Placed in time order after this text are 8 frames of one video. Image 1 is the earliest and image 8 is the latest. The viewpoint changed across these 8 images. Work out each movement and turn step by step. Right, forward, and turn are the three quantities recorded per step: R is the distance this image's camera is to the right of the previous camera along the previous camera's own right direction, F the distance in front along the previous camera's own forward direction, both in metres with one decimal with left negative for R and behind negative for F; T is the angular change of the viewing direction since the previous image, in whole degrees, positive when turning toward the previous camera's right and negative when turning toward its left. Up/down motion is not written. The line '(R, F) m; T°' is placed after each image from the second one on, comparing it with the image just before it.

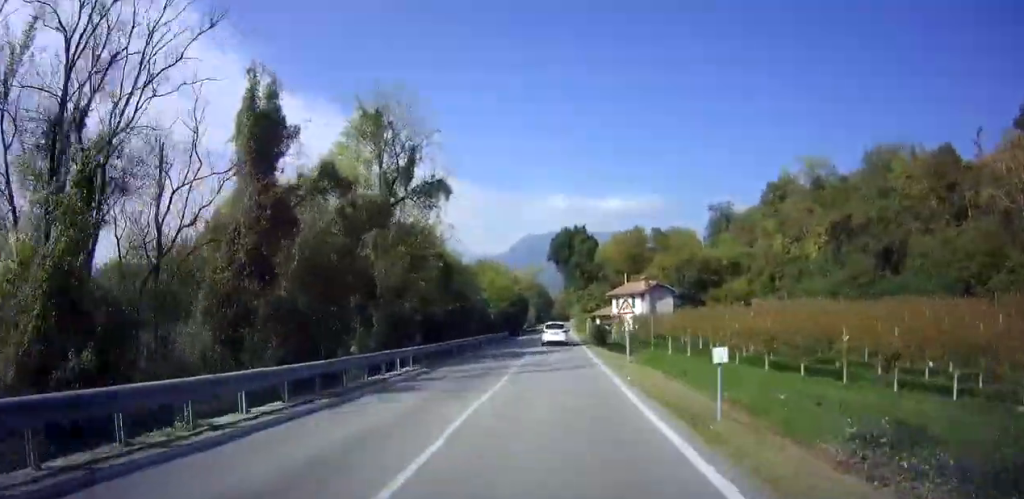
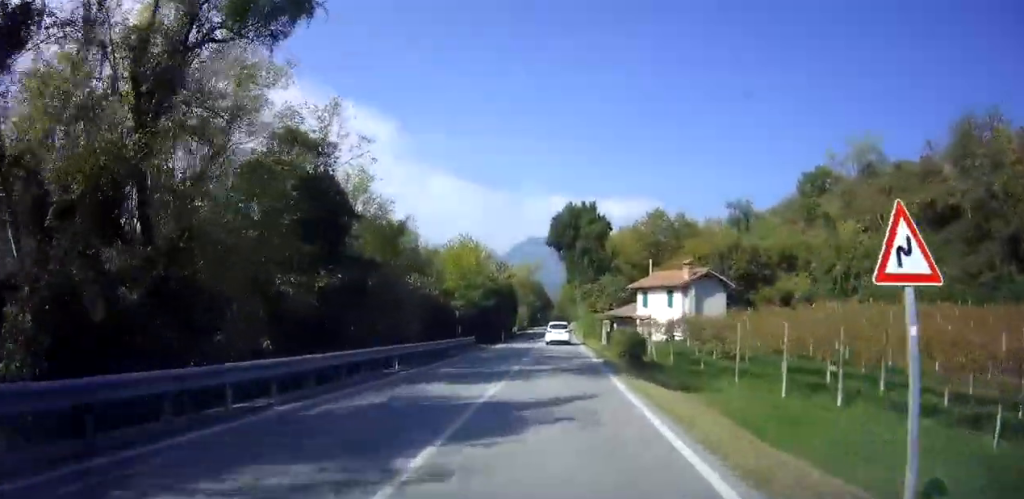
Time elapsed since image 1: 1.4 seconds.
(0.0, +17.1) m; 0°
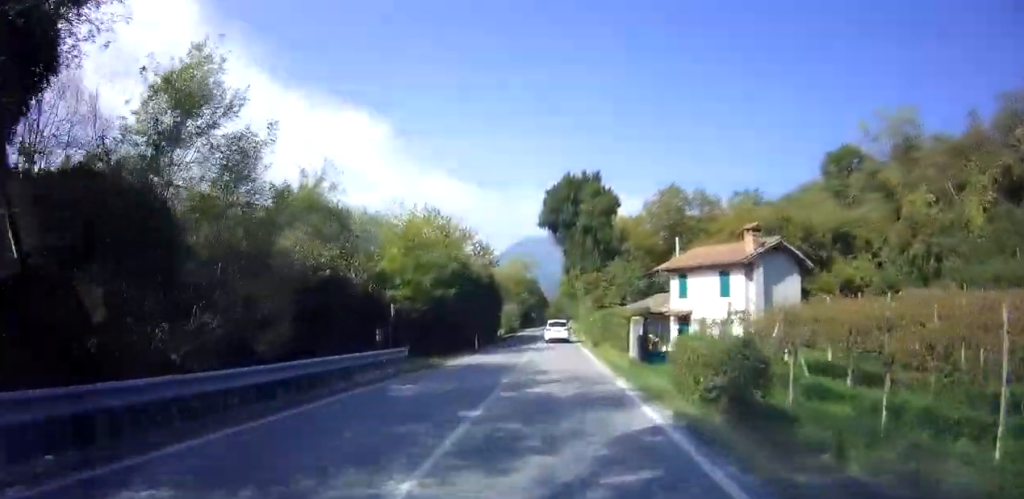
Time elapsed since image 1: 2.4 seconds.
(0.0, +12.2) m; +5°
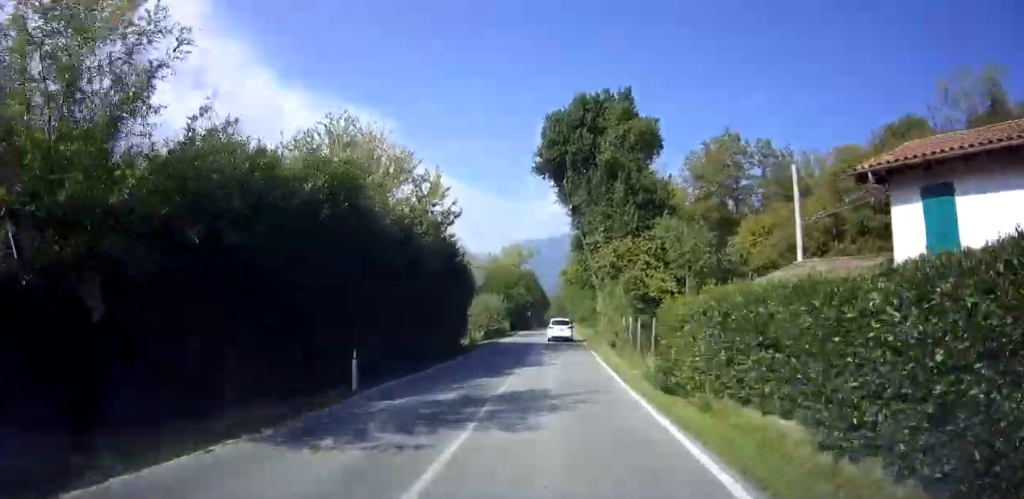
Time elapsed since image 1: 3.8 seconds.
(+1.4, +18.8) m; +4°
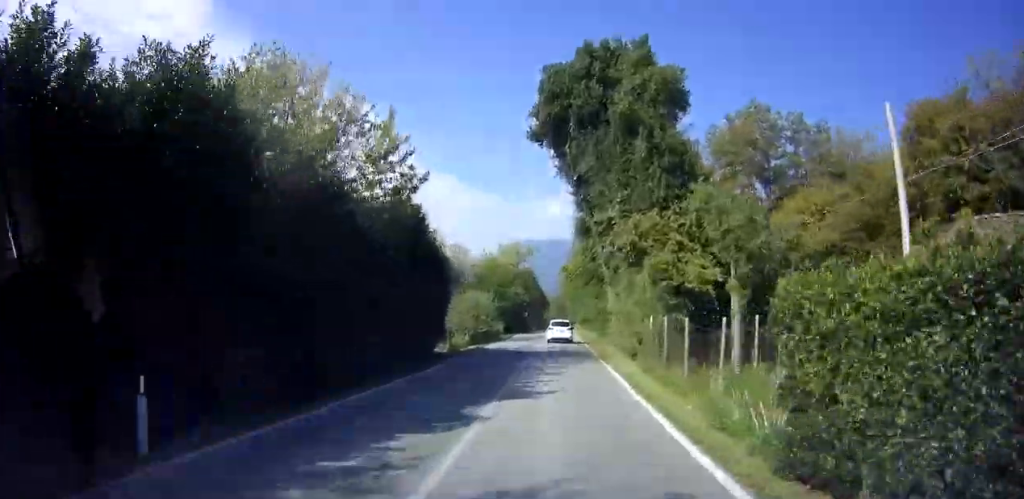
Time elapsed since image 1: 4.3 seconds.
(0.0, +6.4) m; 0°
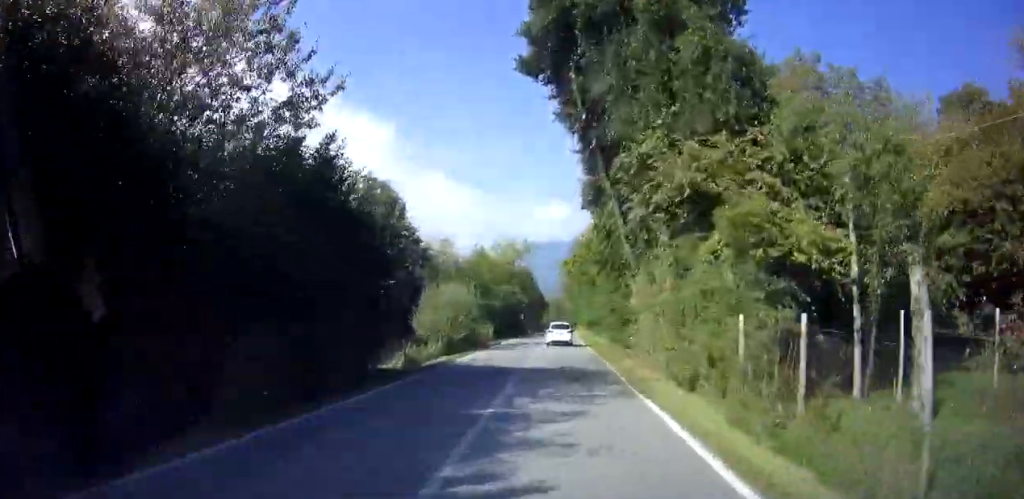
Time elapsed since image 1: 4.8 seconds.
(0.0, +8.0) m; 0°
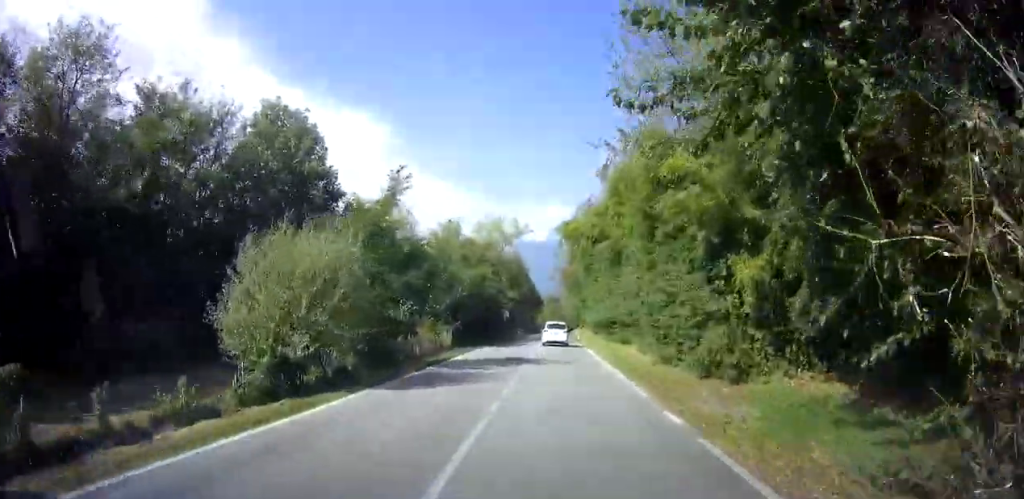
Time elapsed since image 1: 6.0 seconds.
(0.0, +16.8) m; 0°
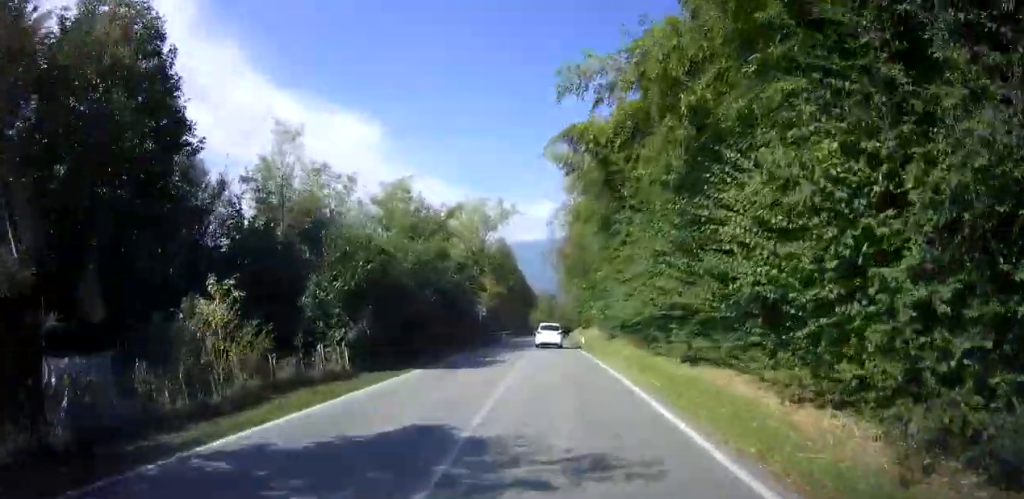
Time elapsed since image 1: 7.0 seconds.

****************************************

Problem to work on — A word-for-word copy is needed of the lines from the line holding "Time elapsed since image 1: 4.8 seconds." through the end of the records, both included, excluding every picture.

Response to the task —
Time elapsed since image 1: 4.8 seconds.
(0.0, +8.0) m; 0°
Time elapsed since image 1: 6.0 seconds.
(0.0, +16.8) m; 0°
Time elapsed since image 1: 7.0 seconds.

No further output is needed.